EXERCISE AIM ▸ Of all the lines below, return only those starting with the line holding "#3439=EDGE_CURVE('',#4289,#4267,#290,.F.);" and going on through the line holding "#4291=VERTEX_POINT('',#12637);", exactly as written.

[Source data]
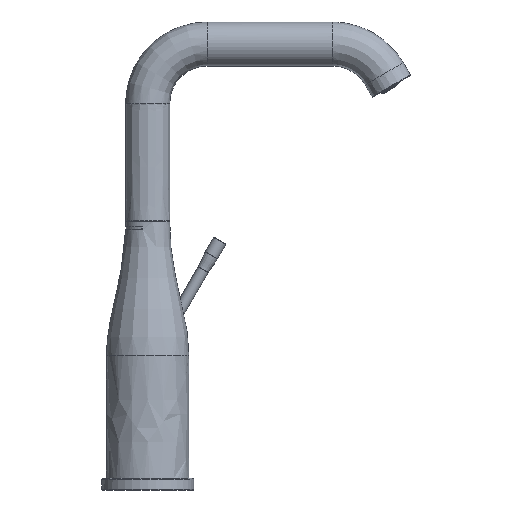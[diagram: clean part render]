
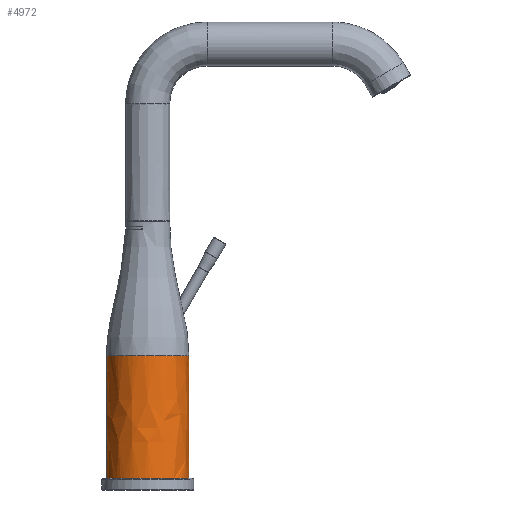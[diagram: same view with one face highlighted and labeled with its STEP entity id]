
A CAD part, front view. The second image highlights one B-rep face of the part: STEP entity #4972.
In plain terms, the highlighted free-form (B-spline) face has degree [3, 3] with [7, 4] control points.
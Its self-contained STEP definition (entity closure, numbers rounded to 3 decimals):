
#39=B_SPLINE_SURFACE_WITH_KNOTS('',3,3,((#12651,#12652,#12653,#12654),(#12655,
#12656,#12657,#12658),(#12659,#12660,#12661,#12662),(#12663,#12664,#12665,
#12666),(#12667,#12668,#12669,#12670),(#12671,#12672,#12673,#12674),(#12675,
#12676,#12677,#12678)),.SURF_OF_LINEAR_EXTRUSION.,.F.,.F.,.F.,(4,1,1,1,
4),(4,4),(6.,7.,8.,9.,10.),(0.004,1.),.UNSPECIFIED.);
#270=B_SPLINE_CURVE_WITH_KNOTS('',3,(#12142,#12143,#12144,#12145,#12146,
#12147,#12148,#12149,#12150,#12151,#12152,#12153,#12154,#12155,#12156,#12157,
#12158),.UNSPECIFIED.,.F.,.F.,(4,1,1,1,1,1,1,1,1,1,1,1,1,1,4),(-0.051,
-0.042,-0.038,-0.034,-0.03,
-0.025,-0.021,-0.017,-0.013,
-0.008,-0.004,0.,0.004,
0.009,0.017),.UNSPECIFIED.);
#290=B_SPLINE_CURVE_WITH_KNOTS('',3,(#12626,#12627,#12628,#12629),
 .UNSPECIFIED.,.F.,.F.,(4,4),(0.012,0.903),
 .UNSPECIFIED.);
#291=B_SPLINE_CURVE_WITH_KNOTS('',3,(#12633,#12634,#12635,#12636),
 .UNSPECIFIED.,.F.,.F.,(4,4),(0.062,1.),.UNSPECIFIED.);
#294=B_SPLINE_CURVE_WITH_KNOTS('',3,(#12647,#12648,#12649,#12650),
 .UNSPECIFIED.,.F.,.F.,(4,4),(0.,0.996),.UNSPECIFIED.);
#295=B_SPLINE_CURVE_WITH_KNOTS('',3,(#12679,#12680,#12681,#12682,#12683,
#12684,#12685),.UNSPECIFIED.,.F.,.F.,(4,1,1,1,4),(0.,0.25,0.5,0.75,1.),
 .UNSPECIFIED.);
#897=LINE('',#12631,#1413);
#1413=VECTOR('',#6910,1000.);
#2484=ORIENTED_EDGE('',*,*,#3439,.T.);
#2485=ORIENTED_EDGE('',*,*,#3408,.T.);
#2486=ORIENTED_EDGE('',*,*,#3444,.T.);
#2487=ORIENTED_EDGE('',*,*,#3445,.F.);
#2488=ORIENTED_EDGE('',*,*,#3441,.T.);
#2489=ORIENTED_EDGE('',*,*,#3440,.F.);
#3408=EDGE_CURVE('',#4267,#4266,#270,.T.);
#3439=EDGE_CURVE('',#4289,#4267,#290,.F.);
#3440=EDGE_CURVE('',#4289,#4290,#897,.T.);
#3441=EDGE_CURVE('',#4291,#4290,#291,.F.);
#3444=EDGE_CURVE('',#4266,#4292,#294,.F.);
#3445=EDGE_CURVE('',#4291,#4292,#295,.F.);
#4266=VERTEX_POINT('',#12141);
#4267=VERTEX_POINT('',#12159);
#4289=VERTEX_POINT('',#12630);
#4290=VERTEX_POINT('',#12632);
#4291=VERTEX_POINT('',#12637);
#4292=VERTEX_POINT('',#12646);
#4655=EDGE_LOOP('',(#2484,#2485,#2486,#2487,#2488,#2489));
#4842=FACE_BOUND('',#4655,.T.);
#4972=ADVANCED_FACE('',(#4842),#39,.T.);
#6910=DIRECTION('',(0.,0.,1.));
#12141=CARTESIAN_POINT('',(21.5,0.,2.2));
#12142=CARTESIAN_POINT('',(-21.5,0.,2.2));
#12143=CARTESIAN_POINT('',(-21.5,-2.83,2.2));
#12144=CARTESIAN_POINT('',(-20.621,-7.026,2.2));
#12145=CARTESIAN_POINT('',(-17.987,-12.001,2.2));
#12146=CARTESIAN_POINT('',(-15.308,-15.306,2.2));
#12147=CARTESIAN_POINT('',(-12.,-17.988,2.2));
#12148=CARTESIAN_POINT('',(-8.27,-19.962,2.2));
#12149=CARTESIAN_POINT('',(-4.233,-21.205,2.2));
#12150=CARTESIAN_POINT('',(-0.001,-21.648,2.2));
#12151=CARTESIAN_POINT('',(4.234,-21.205,2.2));
#12152=CARTESIAN_POINT('',(8.268,-19.963,2.2));
#12153=CARTESIAN_POINT('',(12.001,-17.987,2.2));
#12154=CARTESIAN_POINT('',(15.306,-15.308,2.2));
#12155=CARTESIAN_POINT('',(17.988,-12.,2.2));
#12156=CARTESIAN_POINT('',(20.62,-7.027,2.2));
#12157=CARTESIAN_POINT('',(21.5,-2.83,2.2));
#12158=CARTESIAN_POINT('',(21.5,0.,2.2));
#12159=CARTESIAN_POINT('',(-21.5,0.,2.2));
#12626=CARTESIAN_POINT('',(-21.5,0.,2.2));
#12627=CARTESIAN_POINT('',(-21.5,0.,7.213));
#12628=CARTESIAN_POINT('',(-21.5,0.,12.723));
#12629=CARTESIAN_POINT('',(-21.5,0.,18.586));
#12630=CARTESIAN_POINT('',(-21.5,0.,18.586));
#12631=CARTESIAN_POINT('',(-21.5,0.,18.586));
#12632=CARTESIAN_POINT('',(-21.5,0.,35.414));
#12633=CARTESIAN_POINT('',(-21.5,0.,35.414));
#12634=CARTESIAN_POINT('',(-21.5,0.,45.258));
#12635=CARTESIAN_POINT('',(-21.5,0.,55.629));
#12636=CARTESIAN_POINT('',(-21.5,0.,66.));
#12637=CARTESIAN_POINT('',(-21.5,0.,66.));
#12646=CARTESIAN_POINT('',(21.5,0.,66.));
#12647=CARTESIAN_POINT('',(21.5,0.,66.));
#12648=CARTESIAN_POINT('',(21.5,0.,42.756));
#12649=CARTESIAN_POINT('',(21.5,0.,19.513));
#12650=CARTESIAN_POINT('',(21.5,0.,2.2));
#12651=CARTESIAN_POINT('',(-21.5,0.,2.2));
#12652=CARTESIAN_POINT('',(-21.5,0.,19.513));
#12653=CARTESIAN_POINT('',(-21.5,0.,42.756));
#12654=CARTESIAN_POINT('',(-21.5,0.,66.));
#12655=CARTESIAN_POINT('',(-21.5,-5.616,2.2));
#12656=CARTESIAN_POINT('',(-21.5,-5.616,19.513));
#12657=CARTESIAN_POINT('',(-21.5,-5.616,42.756));
#12658=CARTESIAN_POINT('',(-21.5,-5.616,66.));
#12659=CARTESIAN_POINT('',(-16.848,-16.848,2.2));
#12660=CARTESIAN_POINT('',(-16.848,-16.848,19.513));
#12661=CARTESIAN_POINT('',(-16.848,-16.848,42.756));
#12662=CARTESIAN_POINT('',(-16.848,-16.848,66.));
#12663=CARTESIAN_POINT('',(0.,-23.826,2.2));
#12664=CARTESIAN_POINT('',(0.,-23.826,19.513));
#12665=CARTESIAN_POINT('',(0.,-23.826,42.756));
#12666=CARTESIAN_POINT('',(0.,-23.826,66.));
#12667=CARTESIAN_POINT('',(16.848,-16.848,2.2));
#12668=CARTESIAN_POINT('',(16.848,-16.848,19.513));
#12669=CARTESIAN_POINT('',(16.848,-16.848,42.756));
#12670=CARTESIAN_POINT('',(16.848,-16.848,66.));
#12671=CARTESIAN_POINT('',(21.5,-5.616,2.2));
#12672=CARTESIAN_POINT('',(21.5,-5.616,19.513));
#12673=CARTESIAN_POINT('',(21.5,-5.616,42.756));
#12674=CARTESIAN_POINT('',(21.5,-5.616,66.));
#12675=CARTESIAN_POINT('',(21.5,0.,2.2));
#12676=CARTESIAN_POINT('',(21.5,0.,19.513));
#12677=CARTESIAN_POINT('',(21.5,0.,42.756));
#12678=CARTESIAN_POINT('',(21.5,0.,66.));
#12679=CARTESIAN_POINT('',(21.5,0.,66.));
#12680=CARTESIAN_POINT('',(21.5,-5.616,66.));
#12681=CARTESIAN_POINT('',(16.848,-16.848,66.));
#12682=CARTESIAN_POINT('',(0.,-23.826,66.));
#12683=CARTESIAN_POINT('',(-16.848,-16.848,66.));
#12684=CARTESIAN_POINT('',(-21.5,-5.616,66.));
#12685=CARTESIAN_POINT('',(-21.5,0.,66.));

ANSWER TO THE PROBLEM ▸
#3439=EDGE_CURVE('',#4289,#4267,#290,.F.);
#3440=EDGE_CURVE('',#4289,#4290,#897,.T.);
#3441=EDGE_CURVE('',#4291,#4290,#291,.F.);
#3444=EDGE_CURVE('',#4266,#4292,#294,.F.);
#3445=EDGE_CURVE('',#4291,#4292,#295,.F.);
#4266=VERTEX_POINT('',#12141);
#4267=VERTEX_POINT('',#12159);
#4289=VERTEX_POINT('',#12630);
#4290=VERTEX_POINT('',#12632);
#4291=VERTEX_POINT('',#12637);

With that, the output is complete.